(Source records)
[Start of section]
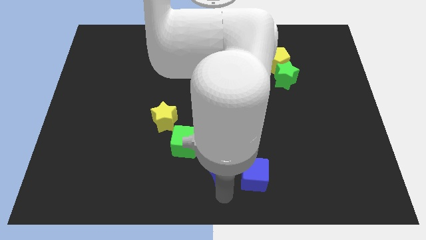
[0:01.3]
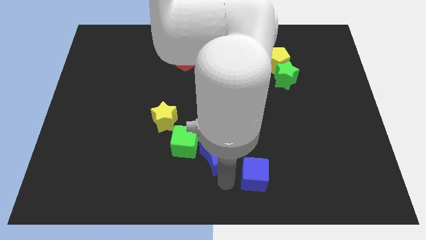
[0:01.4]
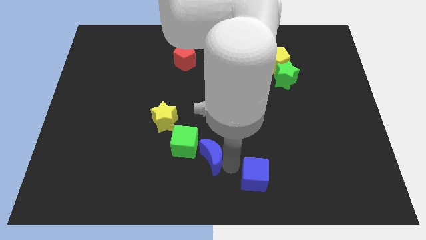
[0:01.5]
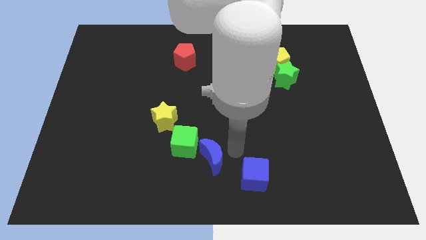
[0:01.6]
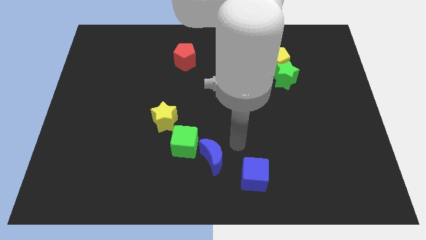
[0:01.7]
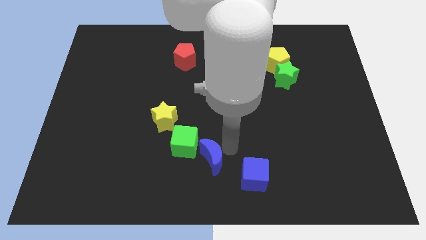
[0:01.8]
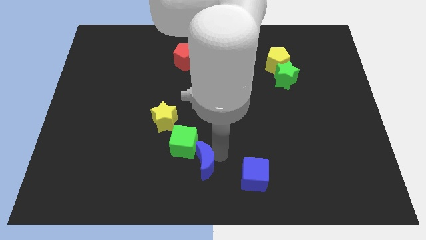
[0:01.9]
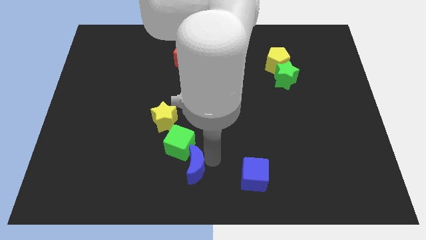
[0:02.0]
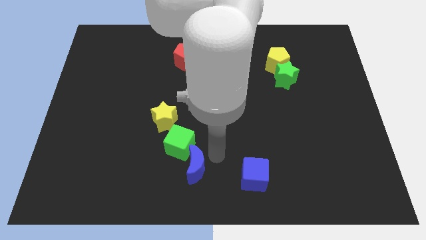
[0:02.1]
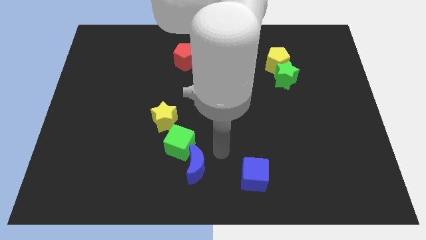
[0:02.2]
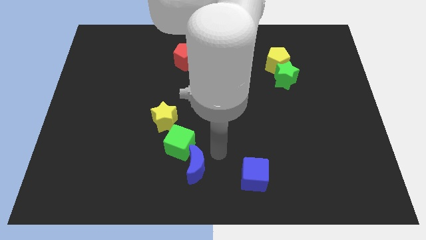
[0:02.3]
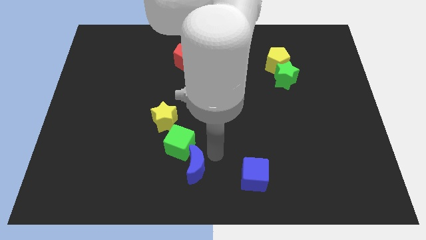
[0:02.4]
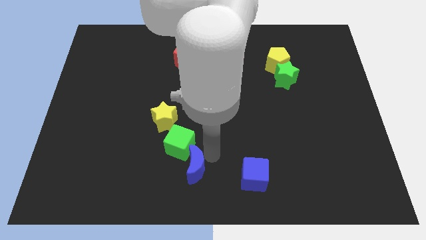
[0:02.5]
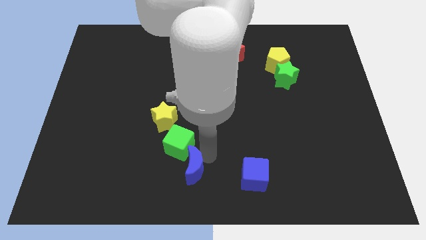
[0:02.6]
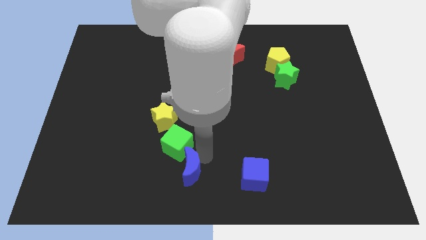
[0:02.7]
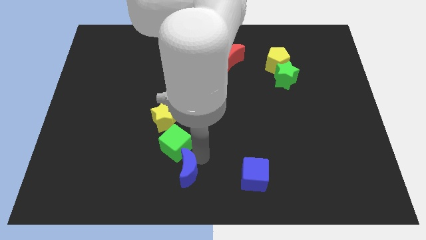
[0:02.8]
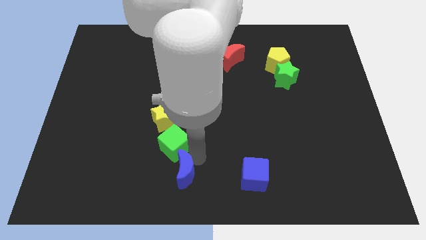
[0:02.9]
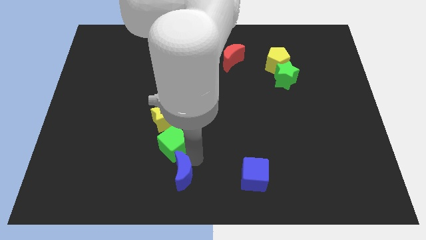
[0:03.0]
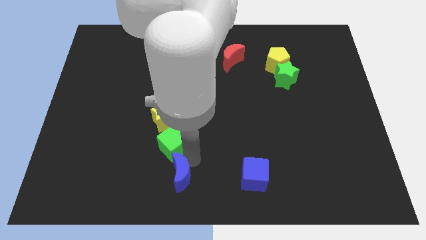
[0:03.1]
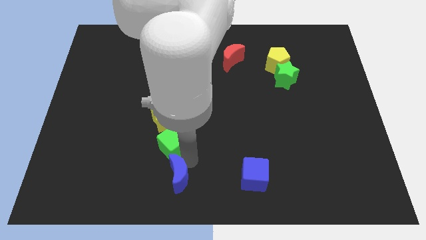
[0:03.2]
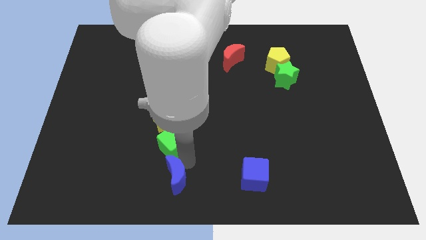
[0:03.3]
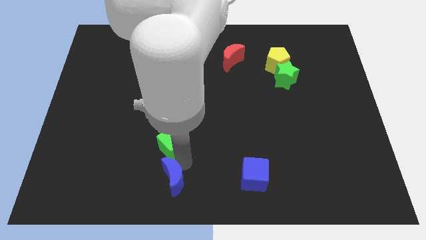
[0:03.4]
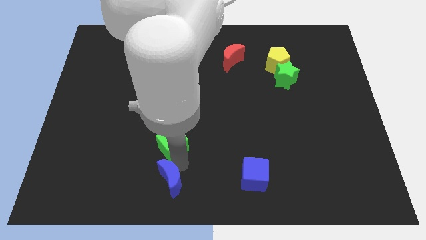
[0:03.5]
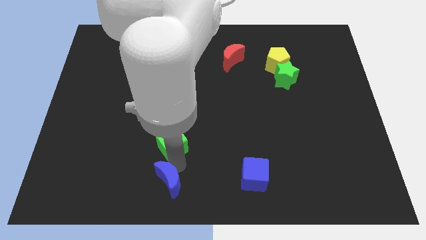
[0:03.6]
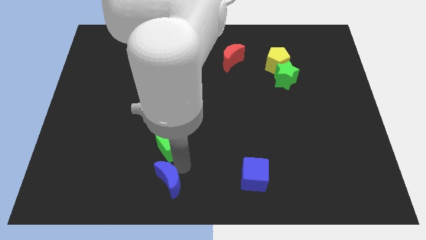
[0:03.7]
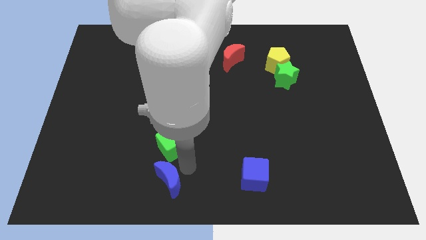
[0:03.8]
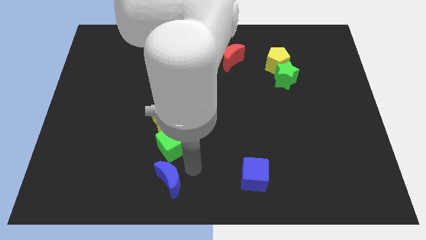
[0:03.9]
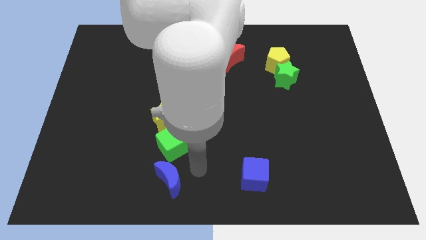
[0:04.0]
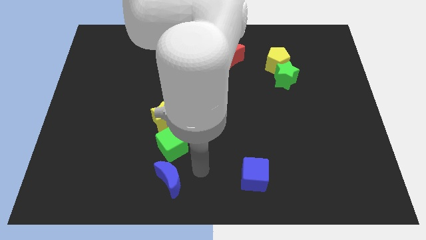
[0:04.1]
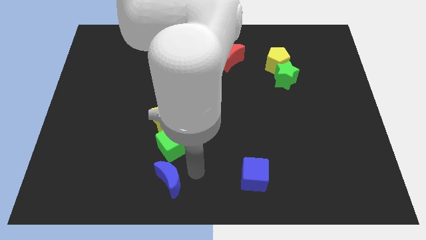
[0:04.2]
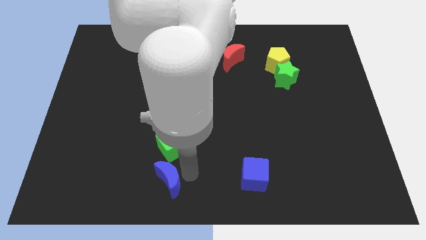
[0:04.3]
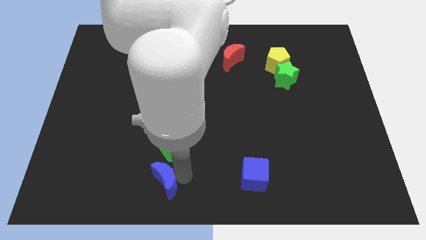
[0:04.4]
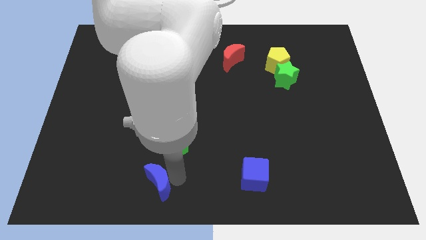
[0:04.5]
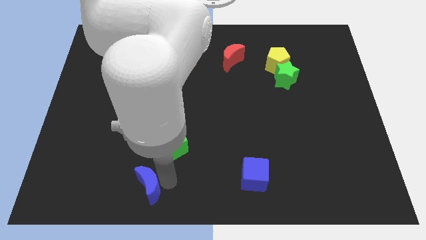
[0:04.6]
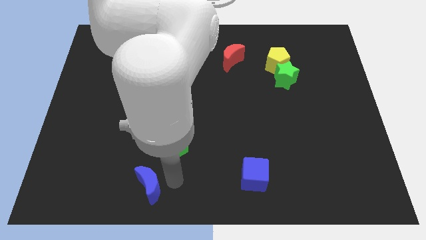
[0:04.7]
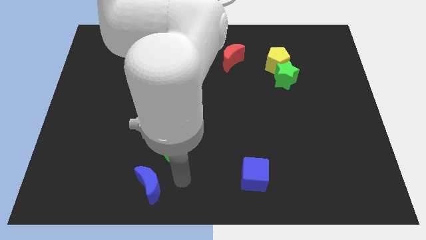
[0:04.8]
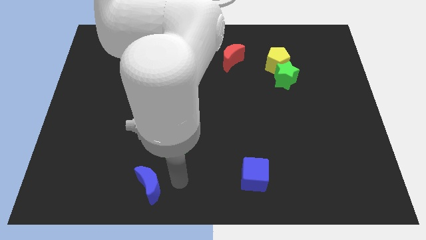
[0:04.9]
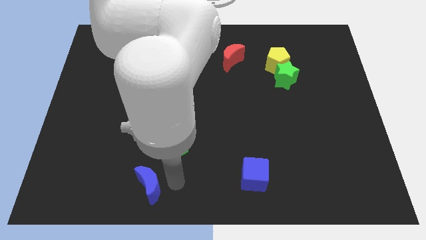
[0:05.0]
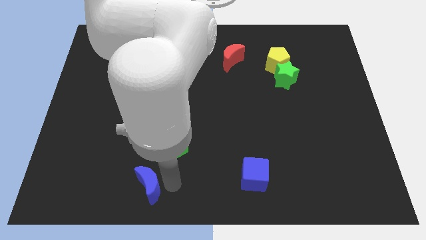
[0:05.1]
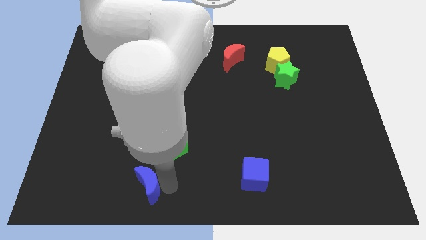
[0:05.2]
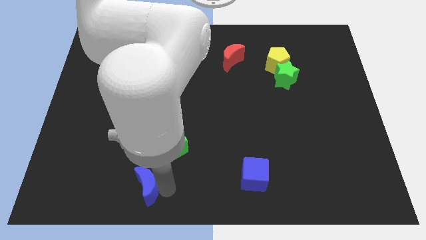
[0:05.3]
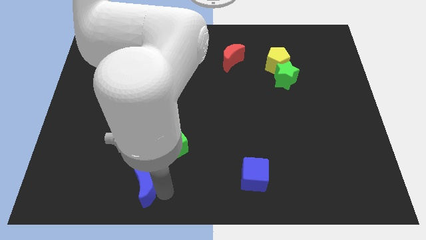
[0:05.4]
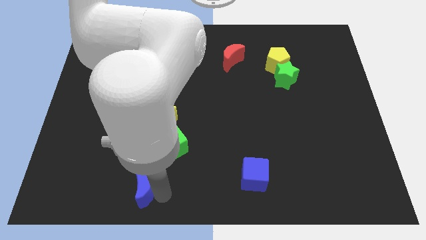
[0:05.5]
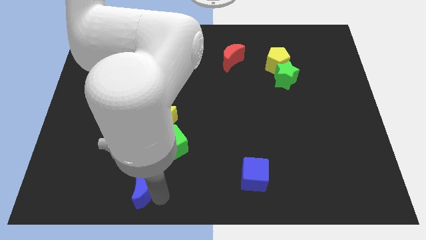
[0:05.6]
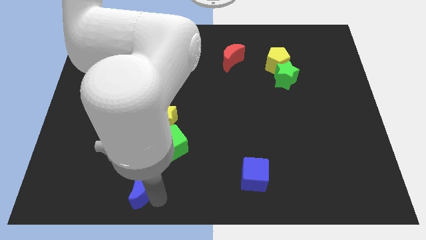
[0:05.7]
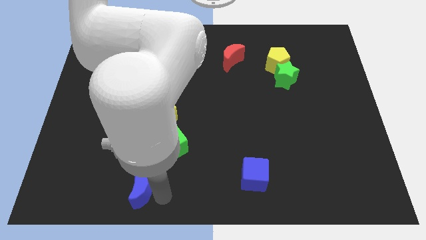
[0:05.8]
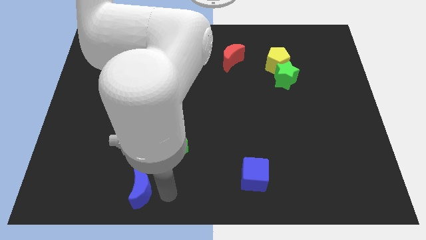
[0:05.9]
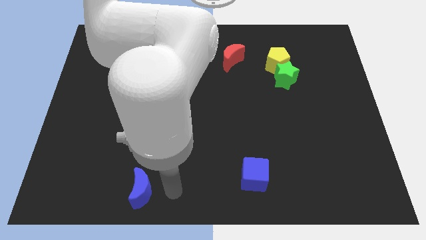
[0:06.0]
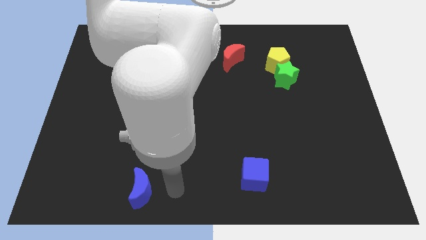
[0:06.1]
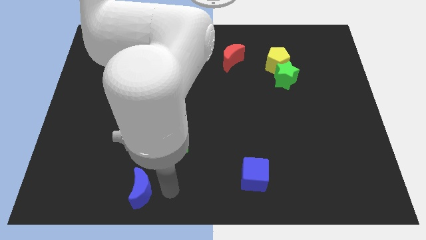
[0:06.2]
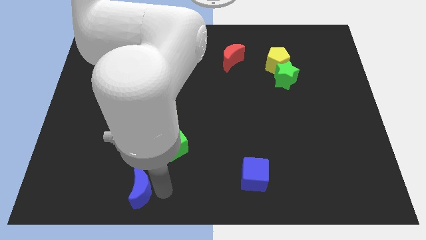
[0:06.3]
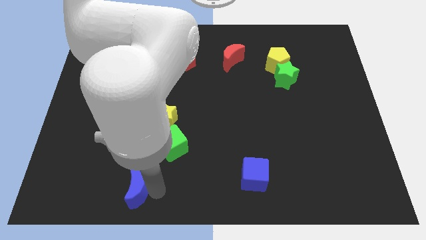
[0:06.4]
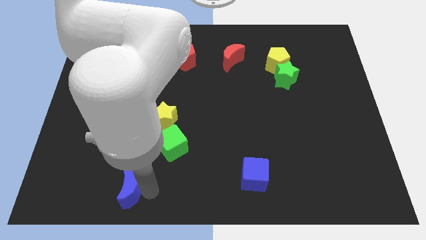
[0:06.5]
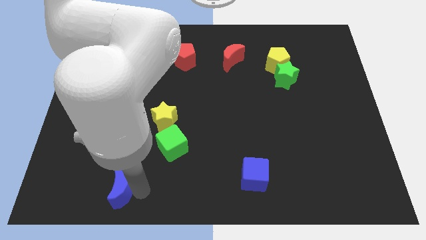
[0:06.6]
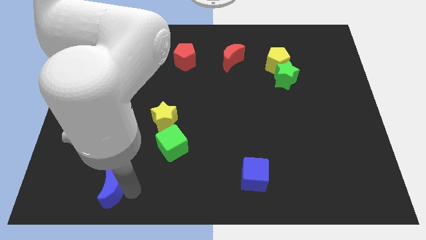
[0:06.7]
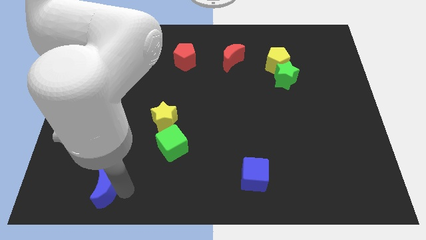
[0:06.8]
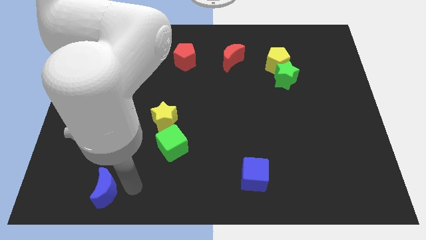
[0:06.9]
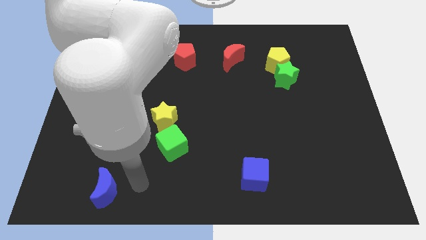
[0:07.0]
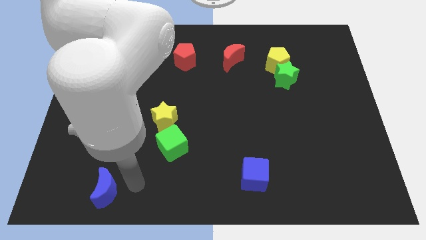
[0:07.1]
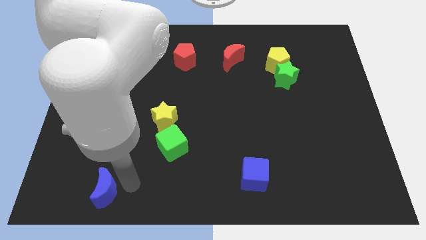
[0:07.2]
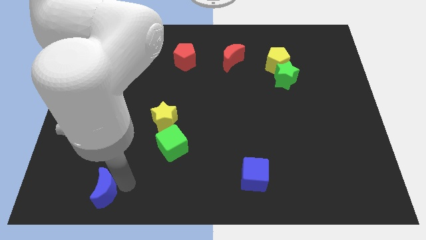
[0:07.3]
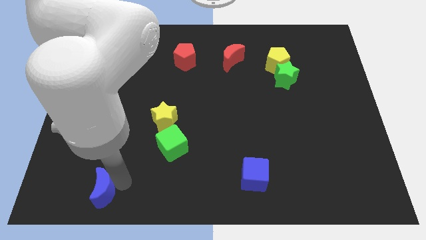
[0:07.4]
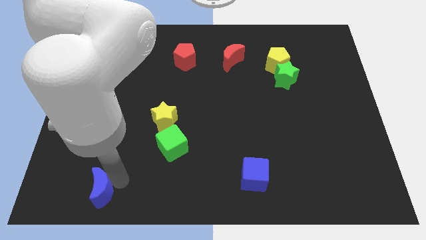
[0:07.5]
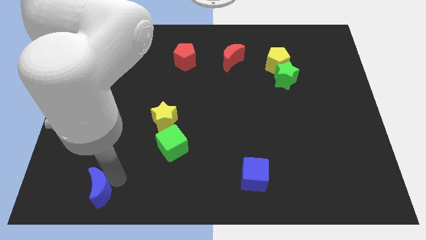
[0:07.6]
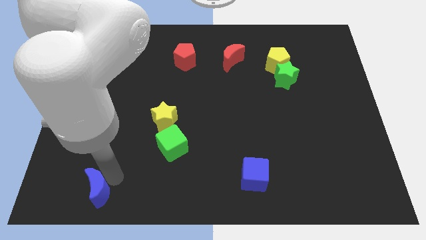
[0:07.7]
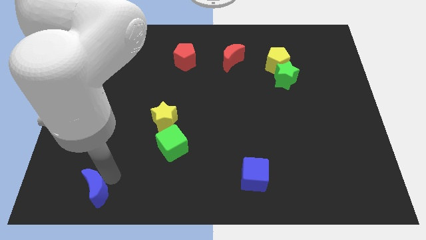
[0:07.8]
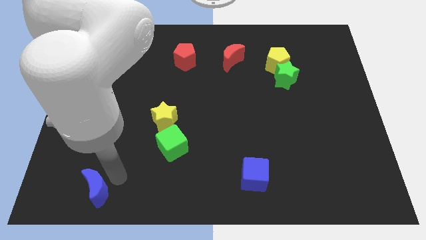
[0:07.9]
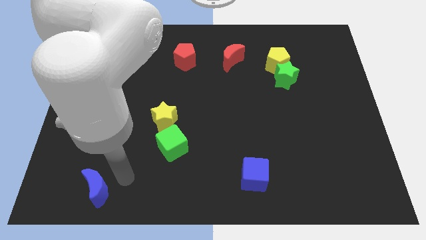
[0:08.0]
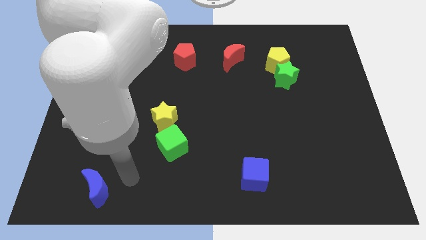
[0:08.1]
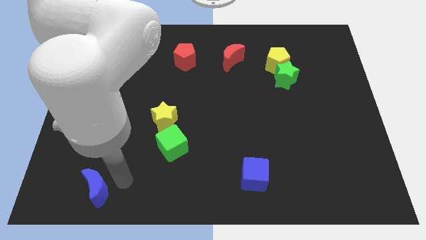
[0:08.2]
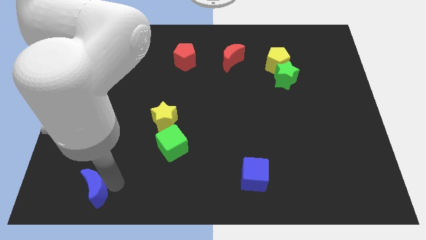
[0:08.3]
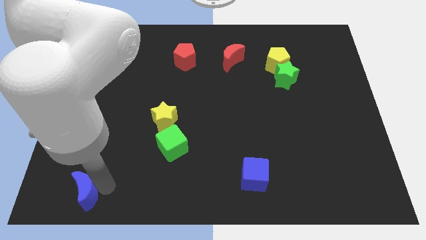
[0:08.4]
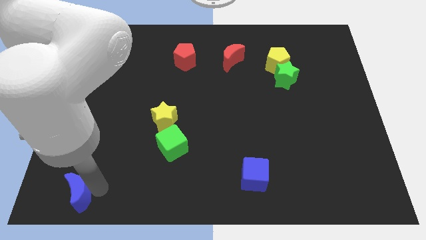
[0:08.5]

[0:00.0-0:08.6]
[End of section]
Retype every entry word for word, but do not carry over the pictures.

[0:01.3]
[0:01.4]
[0:01.5]
[0:01.6]
[0:01.7]
[0:01.8]
[0:01.9]
[0:02.0]
[0:02.1]
[0:02.2]
[0:02.3]
[0:02.4]
[0:02.5]
[0:02.6]
[0:02.7]
[0:02.8]
[0:02.9]
[0:03.0]
[0:03.1]
[0:03.2]
[0:03.3]
[0:03.4]
[0:03.5]
[0:03.6]
[0:03.7]
[0:03.8]
[0:03.9]
[0:04.0]
[0:04.1]
[0:04.2]
[0:04.3]
[0:04.4]
[0:04.5]
[0:04.6]
[0:04.7]
[0:04.8]
[0:04.9]
[0:05.0]
[0:05.1]
[0:05.2]
[0:05.3]
[0:05.4]
[0:05.5]
[0:05.6]
[0:05.7]
[0:05.8]
[0:05.9]
[0:06.0]
[0:06.1]
[0:06.2]
[0:06.3]
[0:06.4]
[0:06.5]
[0:06.6]
[0:06.7]
[0:06.8]
[0:06.9]
[0:07.0]
[0:07.1]
[0:07.2]
[0:07.3]
[0:07.4]
[0:07.5]
[0:07.6]
[0:07.7]
[0:07.8]
[0:07.9]
[0:08.0]
[0:08.1]
[0:08.2]
[0:08.3]
[0:08.4]
[0:08.5]

[0:00.0-0:08.6]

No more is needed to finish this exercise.